I normally performed one or two sets of twenty or more reps which allows a different stimulus for sarcoplasmic hypertrophy rather than the myofibril hypertrophy seen in on hip extension days.
| Hypertrophy Vs. Hyperplasia
Hypertrophy refers to an increase in muscle size, due to the enlargement of the size of the cells, as opposed to an increase in the number of cells (by cell division, a.k.a. Hyperplasia). Hypertrophy is most commonly seen in muscle that has been actively stimulated, the most well-known method being exercise.

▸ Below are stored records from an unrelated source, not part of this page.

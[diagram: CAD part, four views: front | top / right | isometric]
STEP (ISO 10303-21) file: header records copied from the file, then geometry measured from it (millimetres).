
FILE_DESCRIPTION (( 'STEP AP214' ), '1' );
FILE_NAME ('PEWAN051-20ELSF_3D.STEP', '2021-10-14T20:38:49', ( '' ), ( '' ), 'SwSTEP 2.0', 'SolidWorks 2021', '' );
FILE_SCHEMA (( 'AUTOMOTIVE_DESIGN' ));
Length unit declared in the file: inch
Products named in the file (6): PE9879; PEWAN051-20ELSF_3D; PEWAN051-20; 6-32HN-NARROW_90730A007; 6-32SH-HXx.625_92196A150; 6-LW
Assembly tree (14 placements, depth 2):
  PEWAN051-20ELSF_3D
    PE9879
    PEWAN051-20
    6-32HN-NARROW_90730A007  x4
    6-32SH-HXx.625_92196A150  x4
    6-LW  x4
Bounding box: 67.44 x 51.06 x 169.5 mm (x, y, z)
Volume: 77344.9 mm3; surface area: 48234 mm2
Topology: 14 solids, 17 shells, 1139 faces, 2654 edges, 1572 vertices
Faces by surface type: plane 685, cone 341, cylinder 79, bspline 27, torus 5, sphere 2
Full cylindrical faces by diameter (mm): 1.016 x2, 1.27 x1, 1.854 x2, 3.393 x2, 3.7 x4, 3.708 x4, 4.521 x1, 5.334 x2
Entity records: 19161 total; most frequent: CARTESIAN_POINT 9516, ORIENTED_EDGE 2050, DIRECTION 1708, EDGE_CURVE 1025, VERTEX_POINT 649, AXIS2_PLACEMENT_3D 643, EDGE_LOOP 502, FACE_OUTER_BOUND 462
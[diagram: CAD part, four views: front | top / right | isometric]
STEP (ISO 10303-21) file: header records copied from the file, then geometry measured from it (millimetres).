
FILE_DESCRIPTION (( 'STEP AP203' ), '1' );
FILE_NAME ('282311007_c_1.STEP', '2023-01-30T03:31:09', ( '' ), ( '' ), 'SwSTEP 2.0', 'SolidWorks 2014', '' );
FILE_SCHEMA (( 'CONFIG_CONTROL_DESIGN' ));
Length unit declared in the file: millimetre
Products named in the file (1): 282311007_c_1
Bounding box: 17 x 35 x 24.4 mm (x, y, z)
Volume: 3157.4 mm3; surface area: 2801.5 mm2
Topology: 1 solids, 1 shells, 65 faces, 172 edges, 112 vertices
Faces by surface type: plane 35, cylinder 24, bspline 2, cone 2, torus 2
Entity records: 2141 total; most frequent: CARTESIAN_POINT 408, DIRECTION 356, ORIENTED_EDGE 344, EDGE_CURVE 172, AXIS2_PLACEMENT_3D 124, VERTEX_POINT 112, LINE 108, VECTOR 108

That's the routine I have found to work for me. From a personal point of view, I never see anyone put calves first in a routine and they never seem to have the same volume as biceps or other bodyparts and, to be honest, the effort put forth isn't worth the time either.
In addition, there is the extracurricular activity that calves can benefit from. A good example of this is the calf development of overweight individuals because they have to carry around the heavy weight regularly.
This extreme weight places a constant workload on the calves and will help with development. Other examples include: walking uphill, and other non-gym based activities and sports can certainly impact the development of the calves.
There it is, the routine that I use. If you have a calf weakness, try it and let me know how you get on! Just remember if you want good development you have to put forth the same effort as other body parts and with a rational plan of training.